All these people can achieve very good exam results. But do they know how to make good decisions about their life that are authentic to their interests and strengths? Do they have a reflex to tolerance, kindness and inclusion? Does their concept of well-being lead to good long-term health both physical and mental? Are they empathetic? Resilient? Can they listen to other people?

So, if that’s what education can really offer, although it can’t be measured, where is it that these other ‘lessons’ are learned and taught? In 1800 Henry Brandreth published a paper called ‘Work first or play first, some considerations for Eton Masters’ and seems to have set in motion the thinking that led to the later Victorian view that had faith in an almost magical power of sport to provide these things – and it’s not difficult to argue that teamwork, empathy and resilience can be picked up in the big green classroom with your shorts on. 

But not by everybody, quite obviously. Arguably, the higher the level of sport you play the fewer of these lessons seem to stick, until you get to the point where cheating is perfectly acceptable in elite sport as a means of gaining competitive advantage. And not all at the same time: some of these lessons will only be learnt years after the original stimulus, after reflection, failure and hardship have been added to the mix. 

And what of that reflex towards kindness, tolerance and inclusivity? It’s not always to be found on social media, and it’s harder to find in politics than you might expect. Perhaps its strength is in its very invisibility, hidden away in everyday acts of kindness.
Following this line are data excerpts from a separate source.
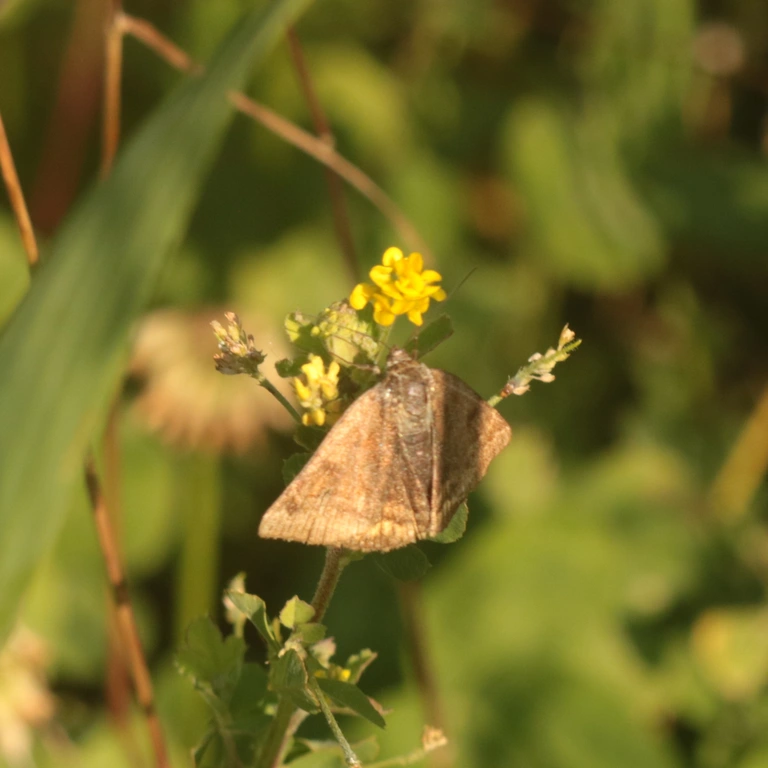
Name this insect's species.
Euclidia glyphica
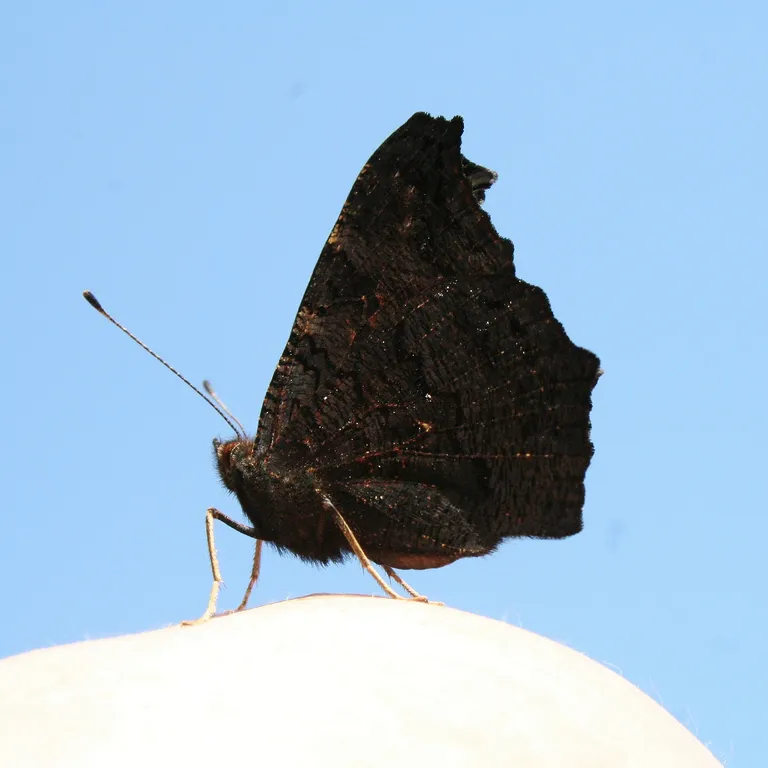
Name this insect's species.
Aglais io
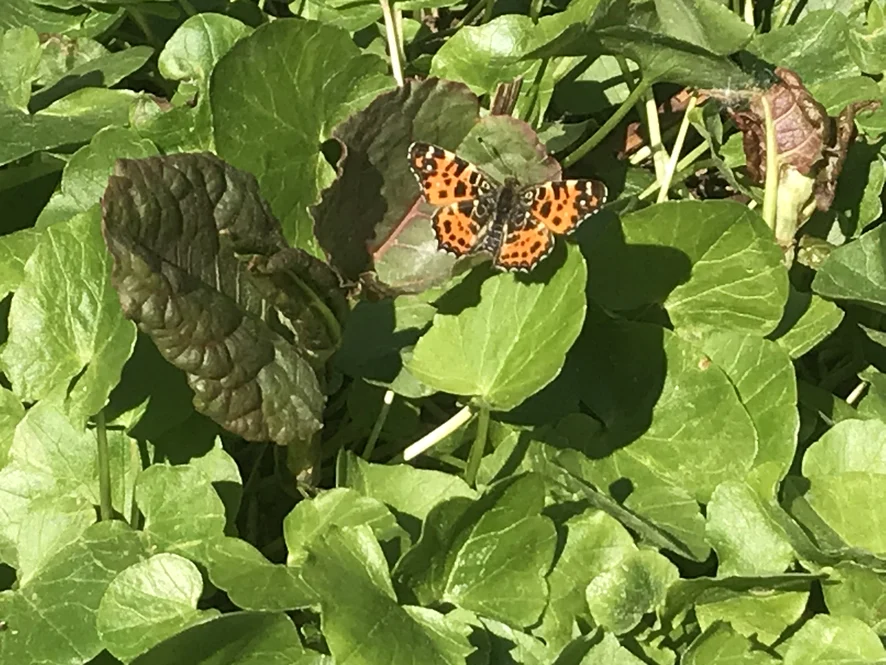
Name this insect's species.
Araschnia levana
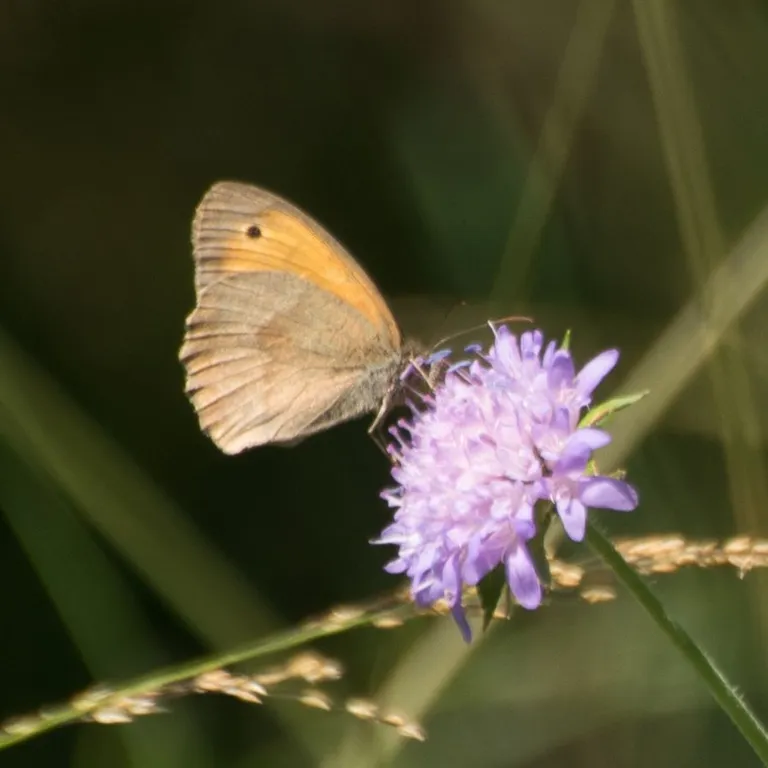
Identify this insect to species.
Maniola jurtina
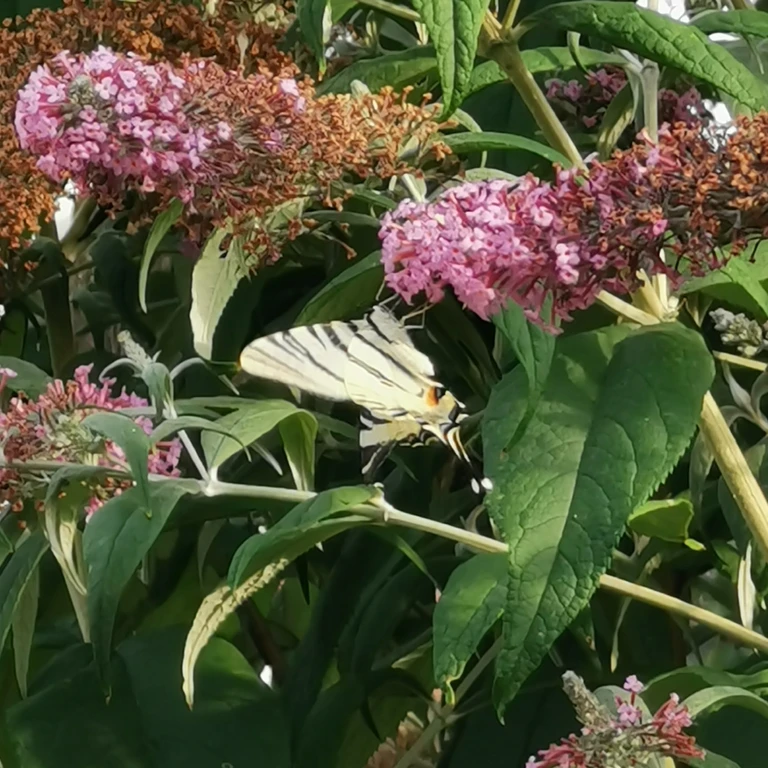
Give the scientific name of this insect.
Iphiclides podalirius
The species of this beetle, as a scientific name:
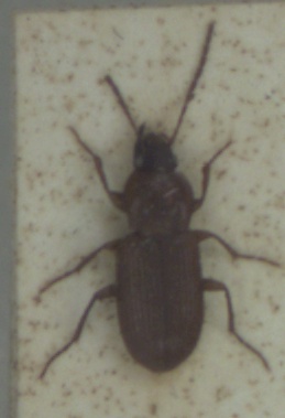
Pedius longicollis
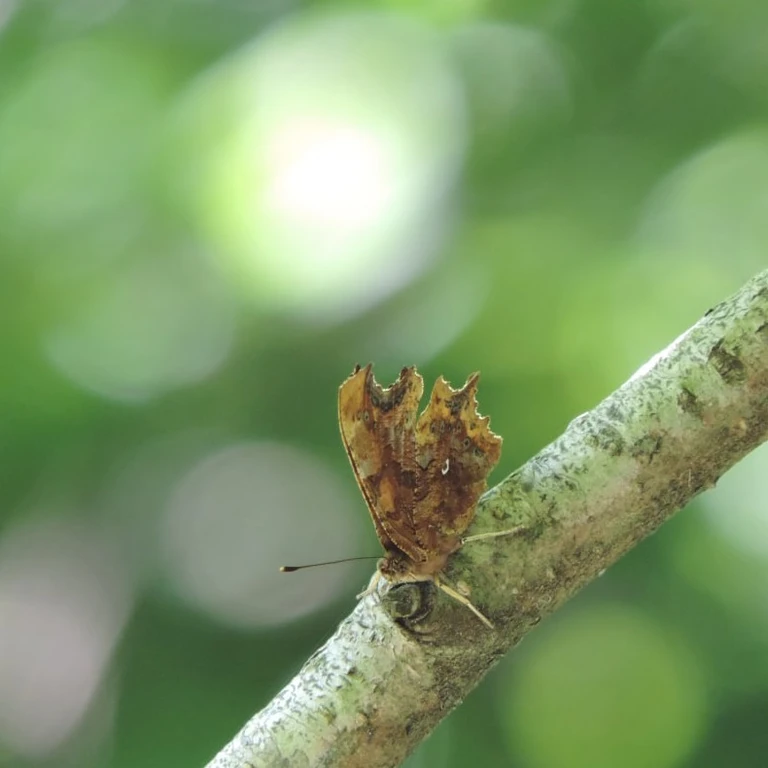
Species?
Polygonia c-album
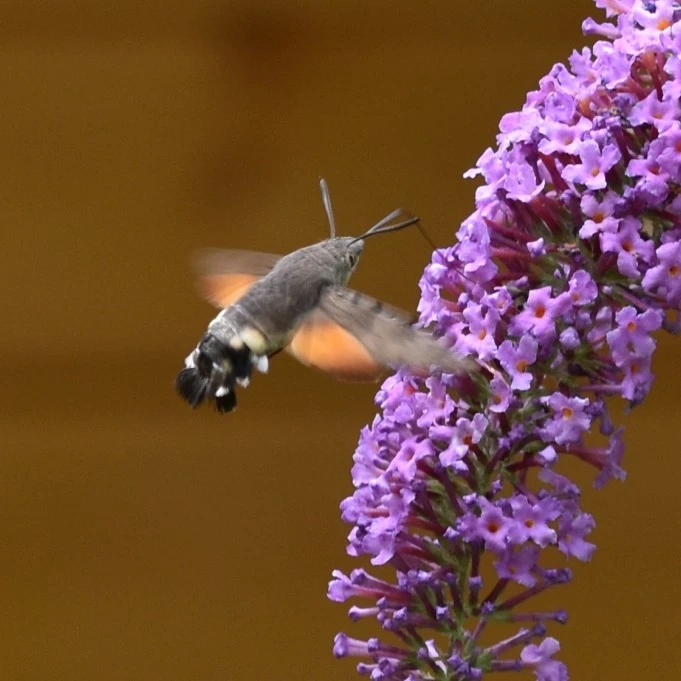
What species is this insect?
Macroglossum stellatarum
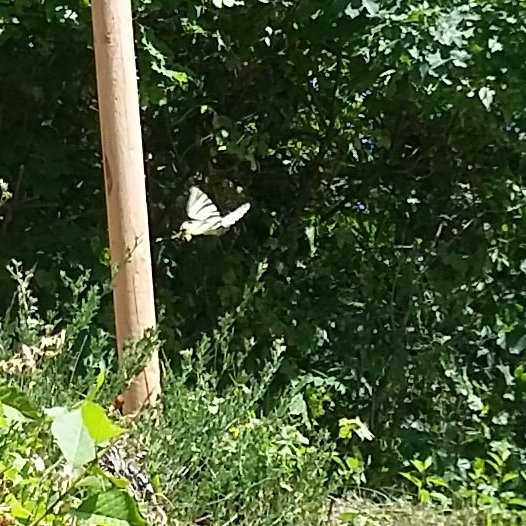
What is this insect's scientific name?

In the 1870s, an anonymous Etonian is quoted as saying “we are often told that they taught us nothing at Eton, that may be so, but I think they taught it very well”. Have teachers really been bluffing it since then? One of Eton’s declared aims is for its students to be ‘safe and happy’ – no mention of A grades there, and no need for them either. Perhaps the exam grades take care of themselves – if you have a purposeful, healthy and safe environment in which curious children can thrive.